Ma adesso le reliquie di quella memoria non c’erano più. “Oltre ai miei figli, il fuoco verde si è portato via anche la mia fortuna.” Nei suoi sogni, nei suoi incubi, il fiume era ancora invaso dalle fiamme, demoni che danzano sull’acqua brandendo fruste di fuoco, uomini che bruciano, carbonizzati dalle frustate.

«Madre, abbi misericordia» pregò Davos. «Salvami, dolce Madre, salva tutti quanti noi. La mia fortuna se n’è andata, e anche i miei figli.» Cominciò a piangere, lacrime salmastre gli scivolarono lungo le guance. «Il fuoco ha preso tutto… Il fuoco…»

Forse fu solo il vento che soffiava sulle rocce, o forse fu il suono della risacca contro la riva pietrosa, eppure, per un istante, Davos Seaworth udì una risposta.

«Tu hai chiamato il fuoco» bisbigliò la Madre, la sua voce esile come il suono delle onde all’interno di una conchiglia, una voce triste e remota. «Tu ci hai bruciati… Ci hai bruciati… Bruciatiii…»
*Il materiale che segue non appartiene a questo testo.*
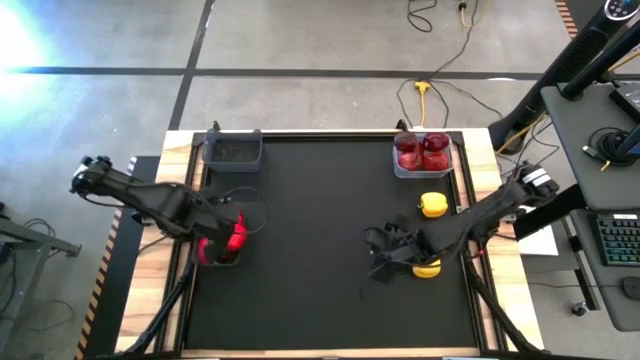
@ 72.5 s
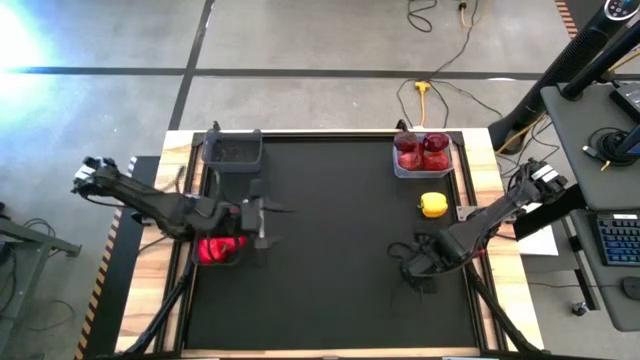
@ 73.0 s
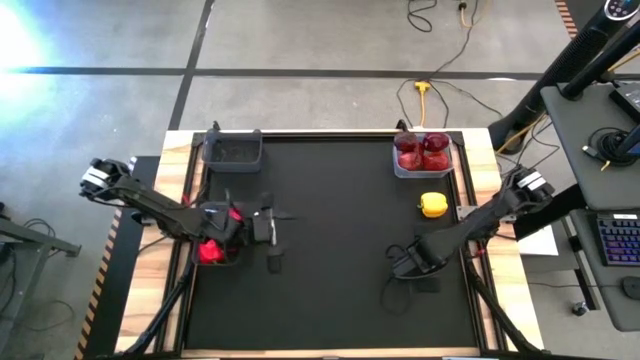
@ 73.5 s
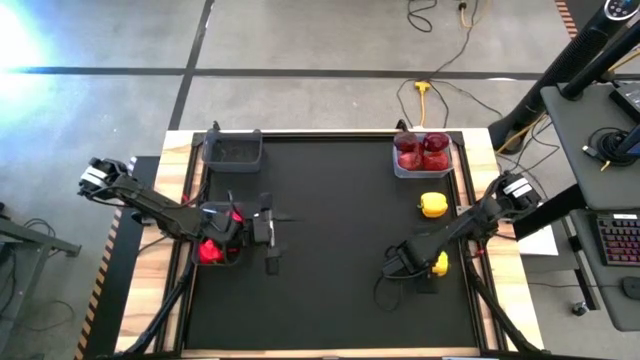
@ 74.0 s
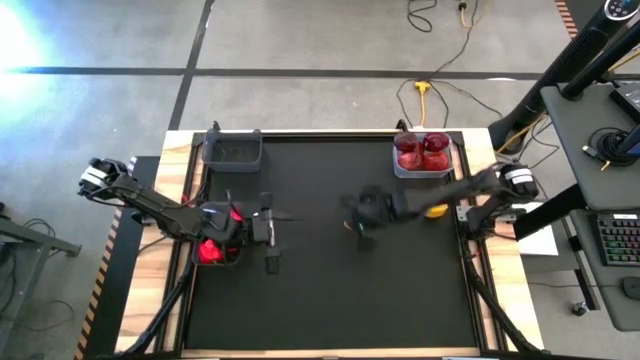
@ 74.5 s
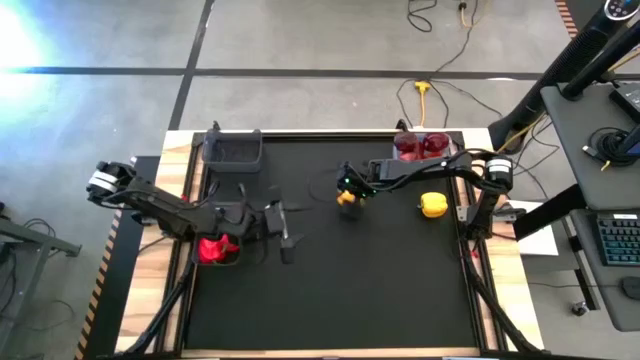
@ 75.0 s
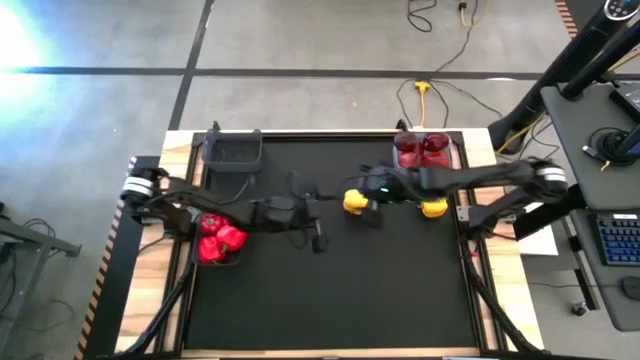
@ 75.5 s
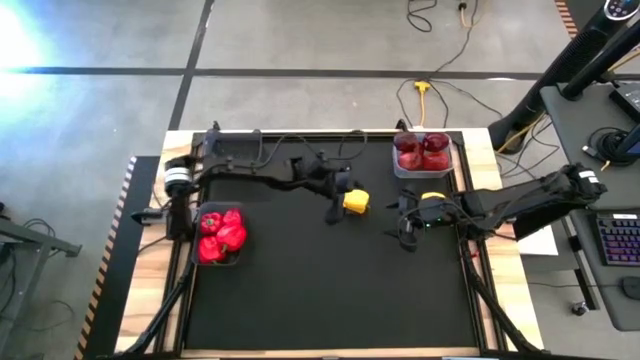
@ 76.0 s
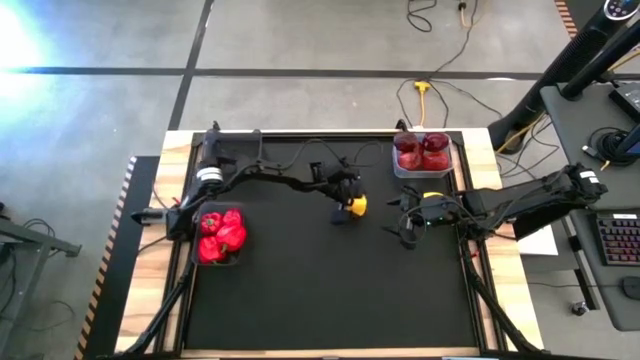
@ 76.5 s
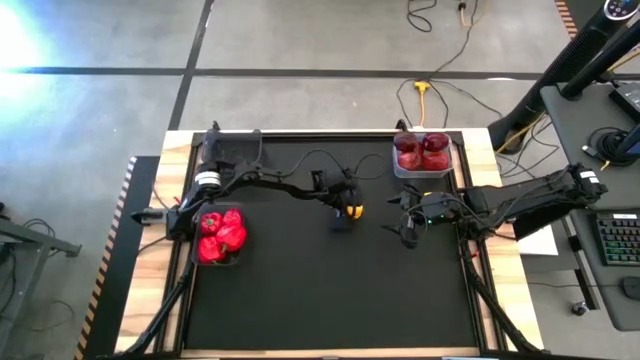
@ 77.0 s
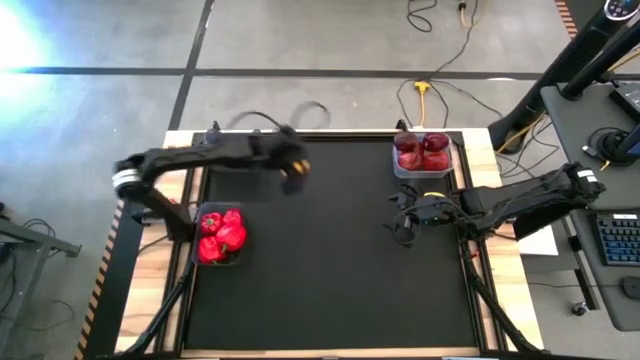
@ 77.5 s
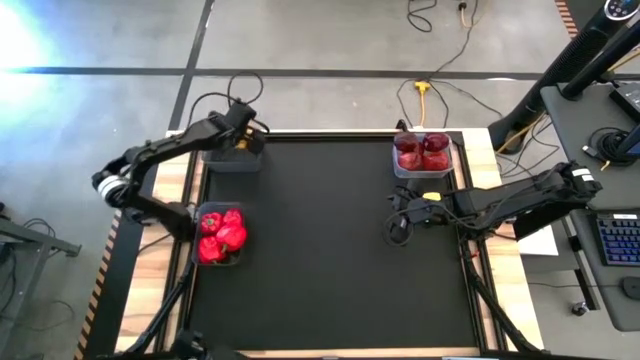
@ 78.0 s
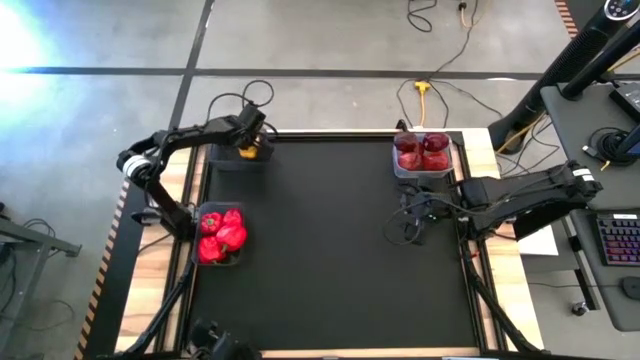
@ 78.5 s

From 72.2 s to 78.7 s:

«È stata lei!» gridò, Davos. «Madre, non abbandonarci. È stata lei a bruciarvi, la donna rossa, Melisandre… Lei

Riusciva a vederla, il viso a forma di cuore, gli occhi rossi, i lunghi capelli ramati, le gonne rosse che si torcevano come fiamme a ogni suo movimento, un vortice di seta e di satin. Era venuta dall’Est, dalla città magica di Asshai delle Ombre. Era venuta alla Roccia del Drago, conquistando alla causa del suo dio estraneo prima l’anima di Selyse, la moglie di Stannis, e poi anche quelle degli uomini della regina. Infine, aveva conquistato anche Stannis Baratheon. Lui era arrivato a porre il cuore fiammeggiante sui suoi vessilli. Il cuore di fuoco di R’hllor, Signore della luce, Dio della fiamma e dell’ombra. Cedendo alle pressioni di Melisandre, Stannis aveva trascinato i Sette Dèi fuori dal loro tempio alla Roccia del Drago e li aveva bruciati in un unico rogo davanti alle porte della fortezza. E in seguito, aveva anche dato fuoco al parco degli dèi di Capo Tempesta. Perfino l’albero del cuore aveva distrutto, un immenso albero-diga bianco con un volto solenne scolpito nel tronco.

«È stata opera di Melisandre» disse di nuovo Davos, più debolmente. “Opera di Melisandre, certo, ma anche opera tua, cavaliere della cipolla. Sei stato tu a portare a remi la donna rossa sotto Capo Tempesta, nel cuore della notte, in modo che lei potesse partorire dal proprio ventre quell’essere fatto d’ombra. Tu non sei privo di colpe, non lo sei affatto. Ti sei schierato sotto il suo vessillo, lo hai addirittura issato sul tuo albero maestro. Sei rimasto a guardare, senza fare nulla, mentre i Sette Dèi bruciavano alla Roccia del Drago. Alle fiamme, la donna rossa ha consegnato la giustizia del Padre, e la misericordia della Madre, e la saggezza della Vecchia. E ha consegnato il Fabbro e lo Sconosciuto, la Vergine e il Guerriero. Lei li ha bruciati tutti quanti per l’onore del suo dio crudele E mentre lo faceva, tu ti sei morso la lingua. Nemmeno quando lei ha assassinato l’anziano maestro Cressen, nemmeno allora, tu hai fatto nulla.”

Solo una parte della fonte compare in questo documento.